How the numbers stack up for 2010


Photo by Kalman Zabarsky

Budgets are promises and predictions, blueprints and crystal balls.

They bore us, and intimidate us too. Line item by line item, they present like some medieval text. But once deciphered, they show where the money really goes, which shows us, in turn, priorities. After all, money talks.

Boston University’s new budget, announced yesterday by BU President Robert A. Brown, speaks volumes. It is big, more than $1.9 billion. That’s an increase of more than $55 million from last year. While $55 million sounds like a lot, it translates into a hike of 2.6 percent, including all inflation and automatic cost-of-living increases. Holding at 2.6 percent requires several actions: some hiring freezes, some salary freezes, some positions left unfilled, and some layoffs. It includes tuition hikes. It anticipates a slightly smaller freshman class and a tad more student aid. It is a budget created during a downturn — what some call a recession, what others call a depression. Compared to the relative comfort of recent years, it will cause some pain.

One thing this budget did not do, however, is institute across-the-board cuts. Executive Vice President Joseph Mercurio notes that such an approach might seem attractive at first glance and easier to sell, because, the argument goes, it spreads hardship without playing favorites.

“But it penalizes the people who have been austere, who’ve done the best job holding the line,” says Mercurio. “And it doesn’t protect the crucial, core programs that should be expanded, even in hard times.”

The strategy chosen, for example, allows the University to continue to fill faculty positions, including 25 at the College of Arts & Sciences alone last year, while ending health-care coverage for people who no longer work for the University and are over 55 years old. The savings from that move alone is worth $3 million a year, says Mercurio, and it doesn’t touch classroom activities.

Mercurio says the budget is grounded in an assessment made last September that the economy was in serious trouble.

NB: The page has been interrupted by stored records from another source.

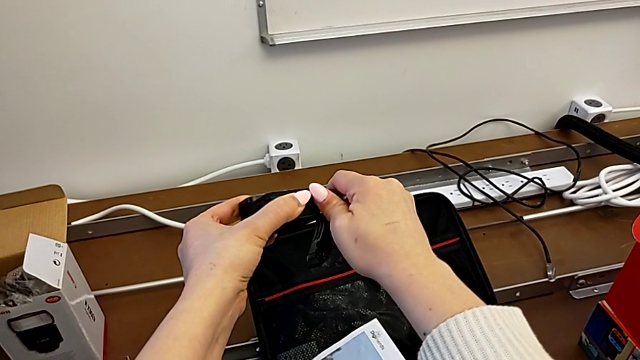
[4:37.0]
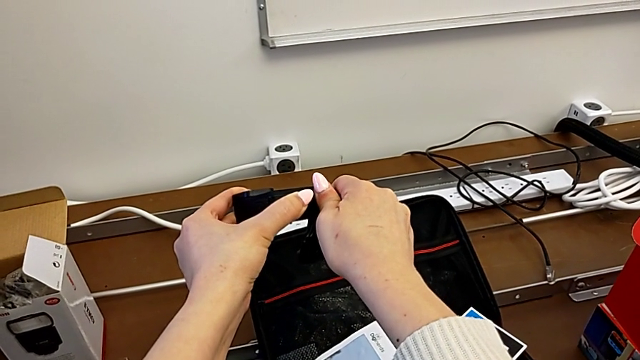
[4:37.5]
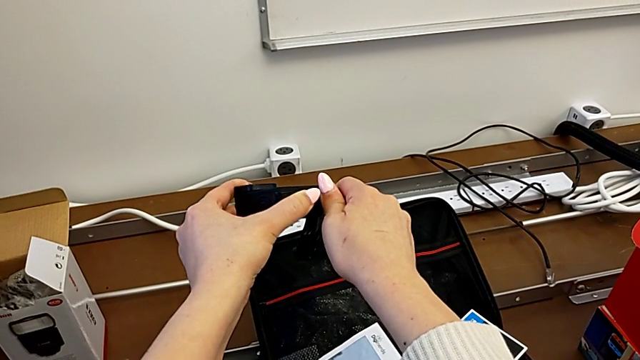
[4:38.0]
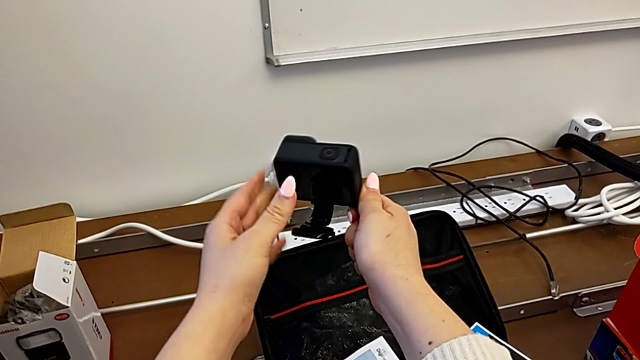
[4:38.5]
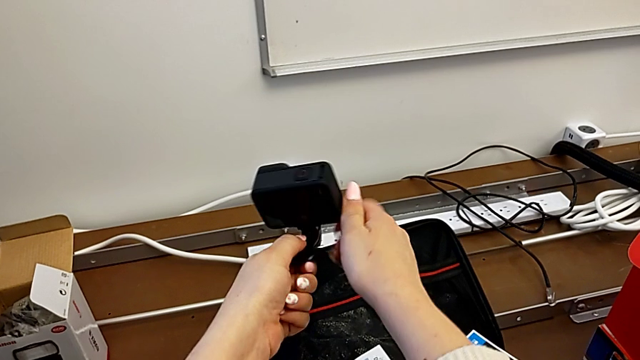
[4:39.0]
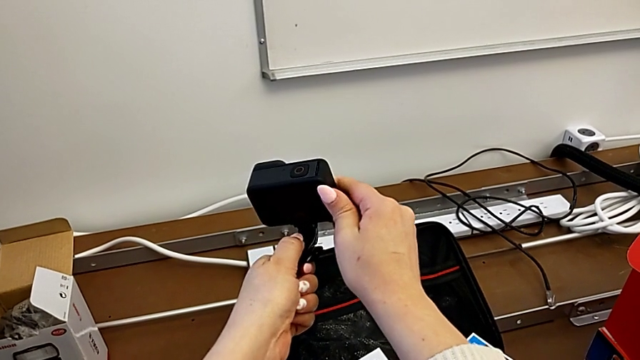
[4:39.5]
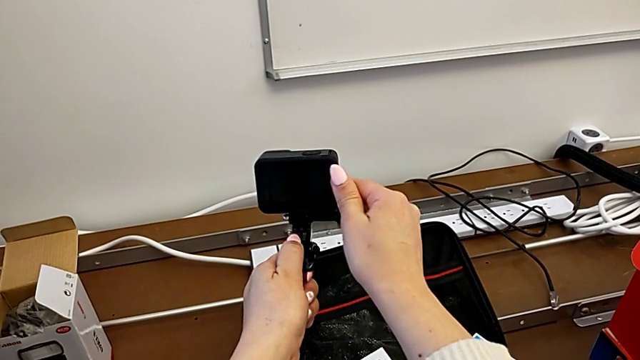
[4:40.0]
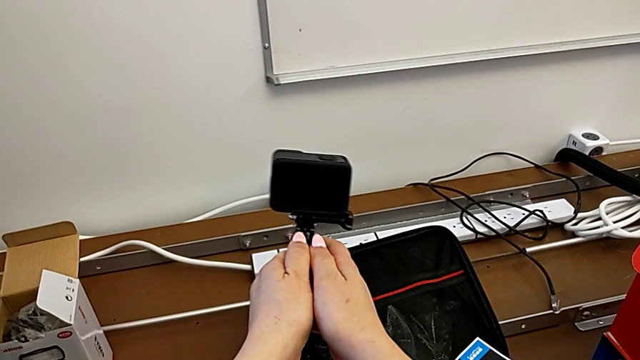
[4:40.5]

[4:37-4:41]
The camera wearer is attaching the GoPro mount. They screw the screw and align the GoPro.

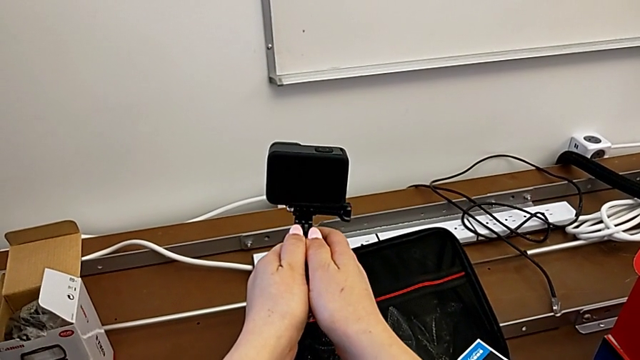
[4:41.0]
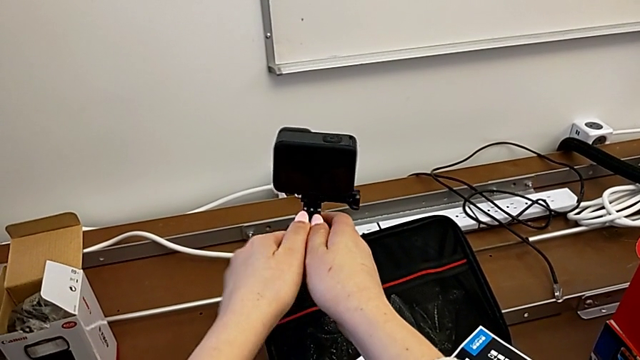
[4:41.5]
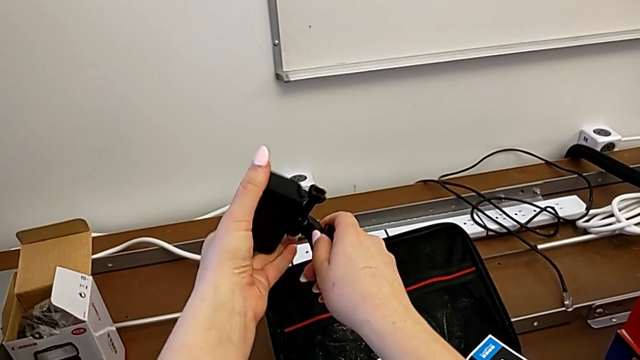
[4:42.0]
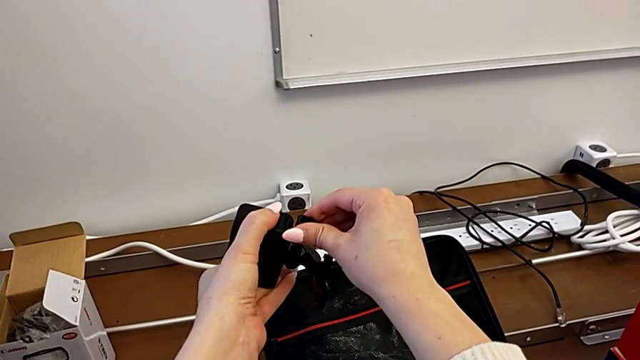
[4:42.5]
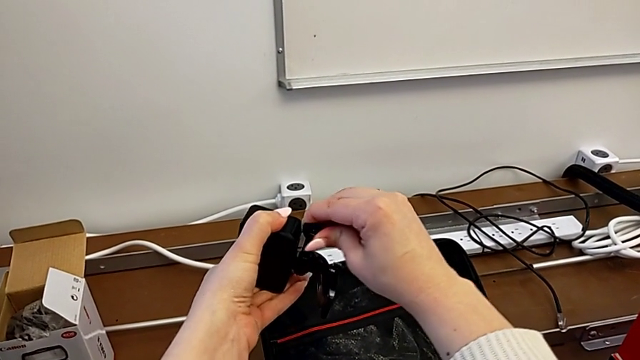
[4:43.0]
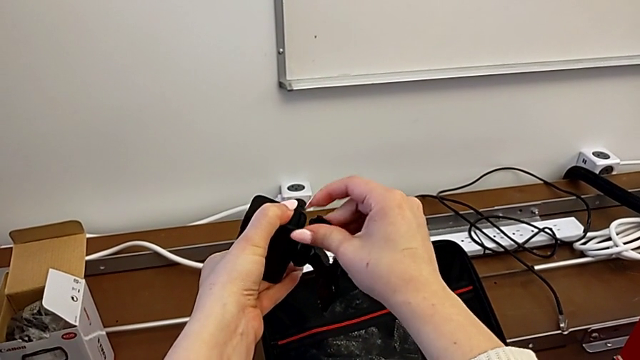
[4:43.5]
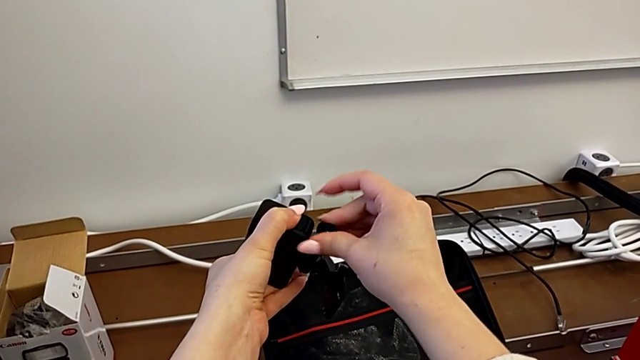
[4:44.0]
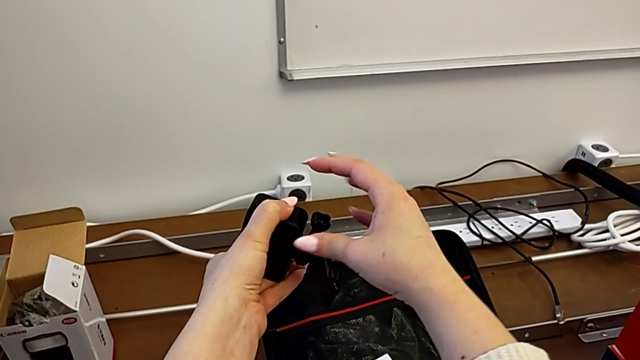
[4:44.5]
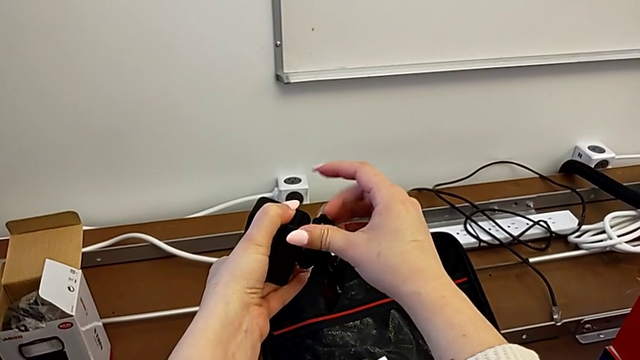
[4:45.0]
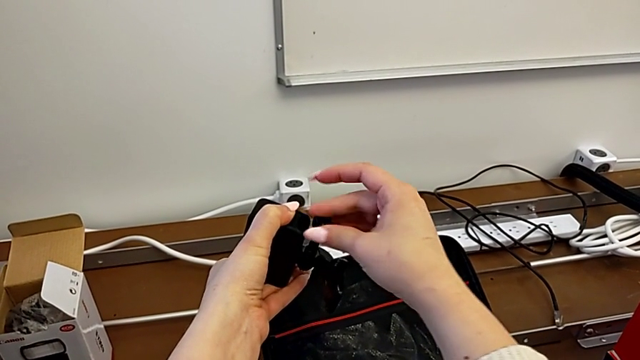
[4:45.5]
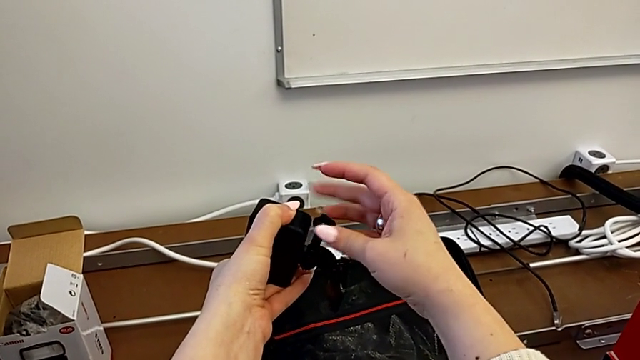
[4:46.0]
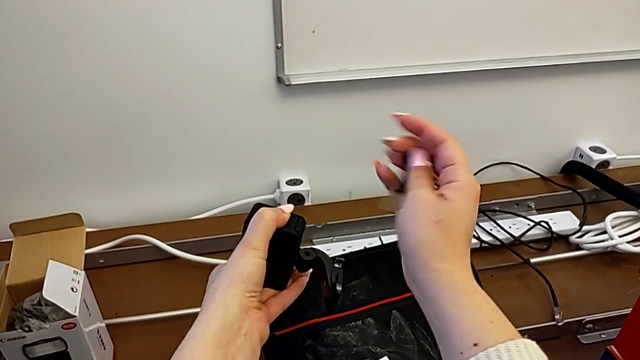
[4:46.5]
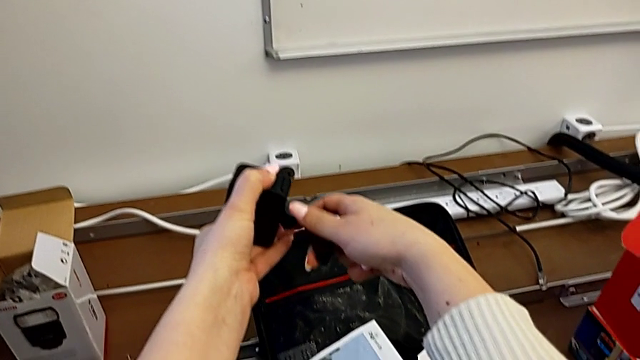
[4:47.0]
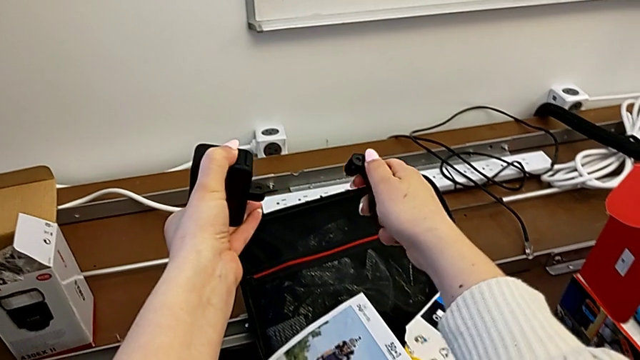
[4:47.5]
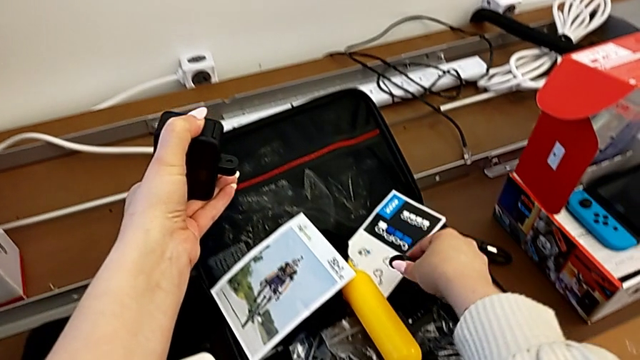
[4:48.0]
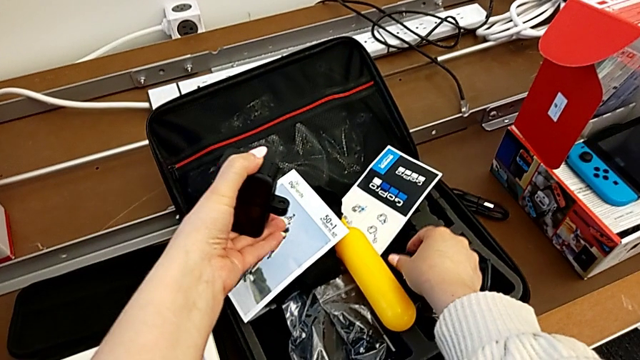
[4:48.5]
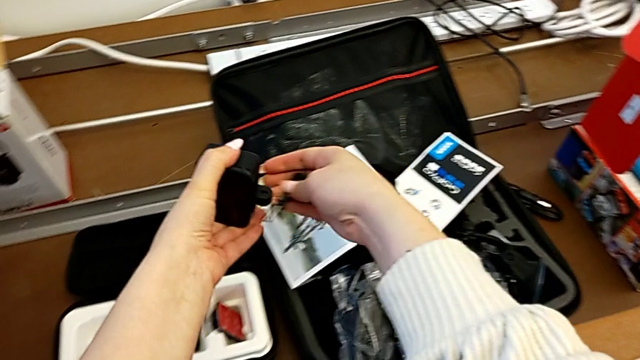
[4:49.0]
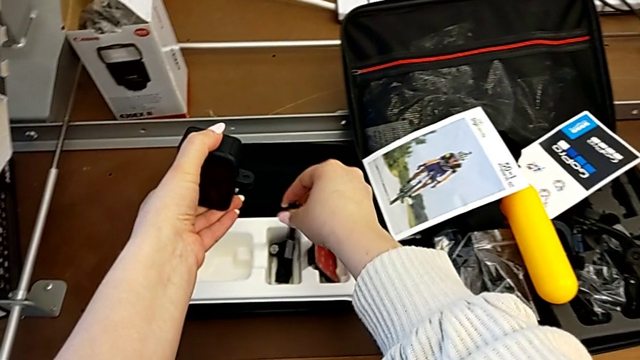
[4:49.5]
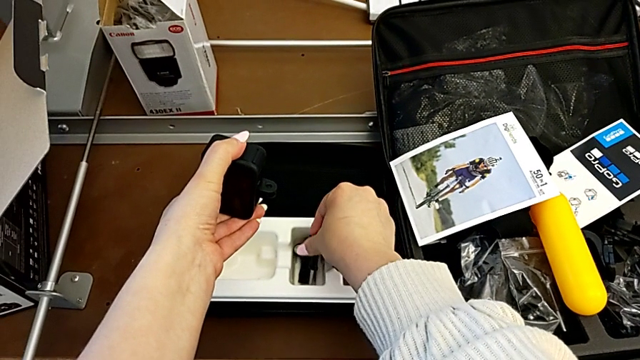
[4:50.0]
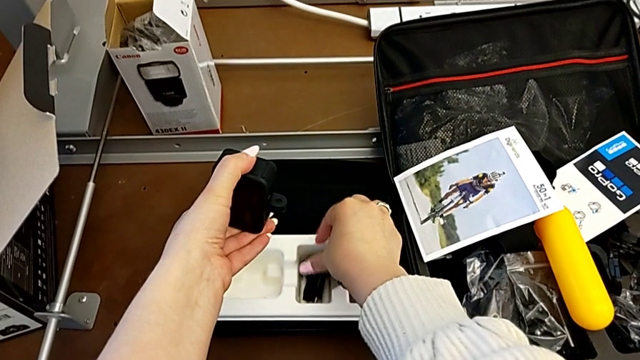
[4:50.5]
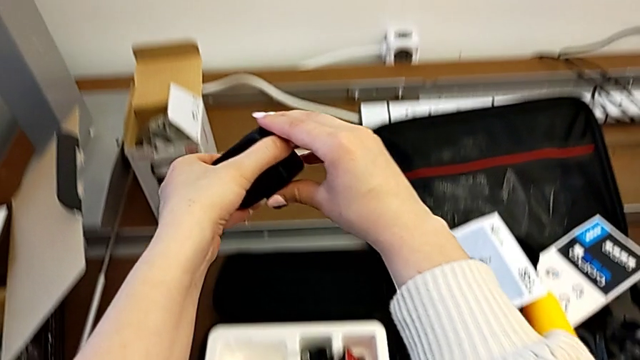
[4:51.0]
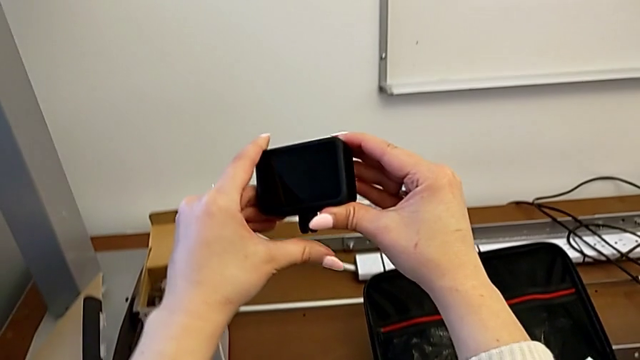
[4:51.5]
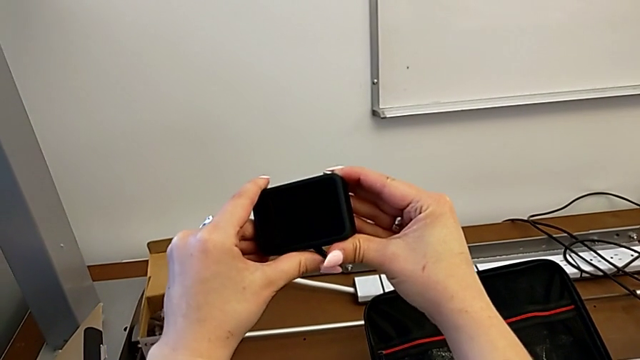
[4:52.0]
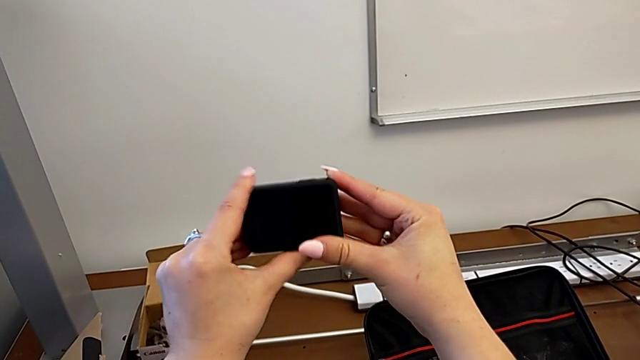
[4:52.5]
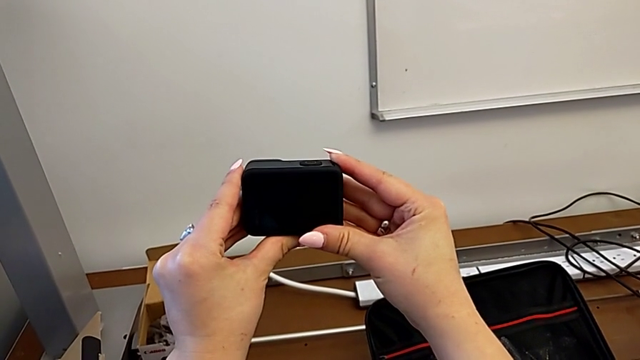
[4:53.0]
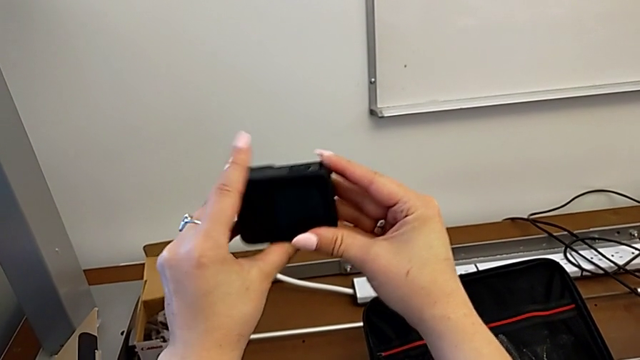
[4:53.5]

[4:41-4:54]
The camera wearer disassembles the mount. They rotate the GoPro, grab the screw, unscrew it, withdraw it, withdraw the mounting peg, place it, place the screw and close the mounting peg.

“We were the first University in the country to come out this way,” he says, referring to the decision to freeze hires for nonacademic, non–public safety jobs, freeze salaries for anyone making more than $150,000 a year, and cap salary increases at 2 to 3 percent for those making less. “We took the position that if we take these steps early and we’re wrong, we can reverse them. But if we’re right, we’re ahead of the bad downturn.”

In January, seven task forces were created to find ways to shave $10 million off the University’s operating budget. The hiring freeze meant that 125 jobs were pulled off postings in the current year, representing savings of $6.7 million. Many of those jobs (between 75 and 80) have been reinstated, but there are still more than 200 open administrative positions that were never posted. Some savings were achieved by leaving some of those jobs unfilled, some by reducing the workforce; between 40 and 50 jobs have been cut at the Charles River Campus. The University still employs more than 6,000 people.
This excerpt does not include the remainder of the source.